So today has been a real shitter to be honest. I am still laid up after what seems like a thousand years and I’m getting frustrated and grouchy. I picked my daughter up to find that, despite me asking countless times, her reading has not been done and her lost-tie-situation hasn’t been sorted. All these seem like small things, but today, I am really jack of them. Today the molehills are mountains. Particularly because I am flat on my back with one working leg, and I couldn’t even get up a grassy knoll, let alone a mountain.
You know what, it makes no difference if you are married, or separated, or divorced. I have noticed this across the board. With pretty much everyone I know, or have ever known. Mums are the ones. The ones who know when parents’ evening is, when school assembly and inset days are, what days clubs are on and what time they finish. Mums are the ones who sew on the school labels and buy the uniforms. Who know what size the uniforms are. Mums are the ones who know all the friends’ names, who is best friends with who, who loves who. Mums book the birthday parties and write the invitations. Mums. Always mums.

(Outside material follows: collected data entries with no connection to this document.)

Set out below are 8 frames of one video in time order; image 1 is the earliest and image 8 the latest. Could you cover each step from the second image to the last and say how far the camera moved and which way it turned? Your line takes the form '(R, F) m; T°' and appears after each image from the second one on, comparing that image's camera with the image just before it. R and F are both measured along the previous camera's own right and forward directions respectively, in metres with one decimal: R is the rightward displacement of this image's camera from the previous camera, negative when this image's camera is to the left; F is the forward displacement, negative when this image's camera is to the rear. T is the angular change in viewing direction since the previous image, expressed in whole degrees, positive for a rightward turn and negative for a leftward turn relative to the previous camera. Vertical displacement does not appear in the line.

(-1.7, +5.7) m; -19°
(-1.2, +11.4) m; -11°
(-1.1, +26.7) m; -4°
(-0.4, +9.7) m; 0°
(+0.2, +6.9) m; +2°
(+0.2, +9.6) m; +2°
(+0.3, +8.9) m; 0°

Blokes get a day off and they go to the pub, or football or golf or what-fuckin-ever. You know what mums do when they get a day off? We clean the goddamn house, wash and iron, go grocery shopping, change beds, plan the forthcoming week. And you know what single mums do when, and if, we get a day off. Everything. That’s what. We do everything.
And because we’re responsible for everything, when small things don’t get done, after you have asked repeatedly in between doing every-fucking-thing else, it really makes you want to lose your goddamn shit. But when you do, well you’re being unreasonable or patronising or some such nonsense. That’s male logic – seemingly blind to the fact that if those small things were attended to with even half as much attention to detail as a mum would devote, then mummy wouldn’t have to lose her shit and keep mentioning it.

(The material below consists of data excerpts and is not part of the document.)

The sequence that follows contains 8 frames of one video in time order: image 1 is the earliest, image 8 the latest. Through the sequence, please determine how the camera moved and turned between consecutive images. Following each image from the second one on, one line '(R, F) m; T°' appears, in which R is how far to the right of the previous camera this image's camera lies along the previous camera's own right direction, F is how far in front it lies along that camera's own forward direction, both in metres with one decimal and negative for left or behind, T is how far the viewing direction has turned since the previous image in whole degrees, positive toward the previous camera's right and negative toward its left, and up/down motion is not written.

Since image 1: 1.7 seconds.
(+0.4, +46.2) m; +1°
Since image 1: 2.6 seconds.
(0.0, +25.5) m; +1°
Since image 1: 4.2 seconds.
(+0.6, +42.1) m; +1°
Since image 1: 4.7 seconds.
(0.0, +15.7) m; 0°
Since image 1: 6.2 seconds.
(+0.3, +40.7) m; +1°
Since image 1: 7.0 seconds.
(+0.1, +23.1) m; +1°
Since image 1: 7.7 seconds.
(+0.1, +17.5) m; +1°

Added to my foulness of mood today is the fact my washing machine flooded the kitchen floor, my car door won’t seem to shut properly and I cannot get the box-pleats ironed into my child’s school pinafores before school tomorrow. So there I was at tea time propped up against the worktop on my one working leg, wearing flip flops so as to avoid the tidal wave of dirty laundry water on my kitchen floor, cooking dinner with one hand and trying to iron four pinafores on a piece of worktop the size of a postage stamp.
But you know what, despite the fact this really is a total ‘fuck my life’ day, and I felt like the shittest mum ever for being grumpy with my daughter about losing yet another school tie and leaving three pairs of shoes in the garden overnight; and despite the fact I threatened to throw all her Barbies away if she did not tidy them up because, frankly, I have had a gutsfull of stepping on tiny stilettos, I got the goddamn dinner made. And I ironed those pinafores (not very well – but at least she won’t look like a total urchin for school tomorrow!). And I did the reading. I did the bloody reading. And that, dear reader, is because I am a mum. Even with a flooded kitchen and one working leg, shit still gets done.
And my daughter, who had earlier responded to my Barbie massacre threats by telling me that I am the “meanest mummy ever”, disappeared off after dinner and returned with an envelope, and in it was a beautiful get well soon card with a picture of her and I. And just like that all these mountains shrink back to molehills again.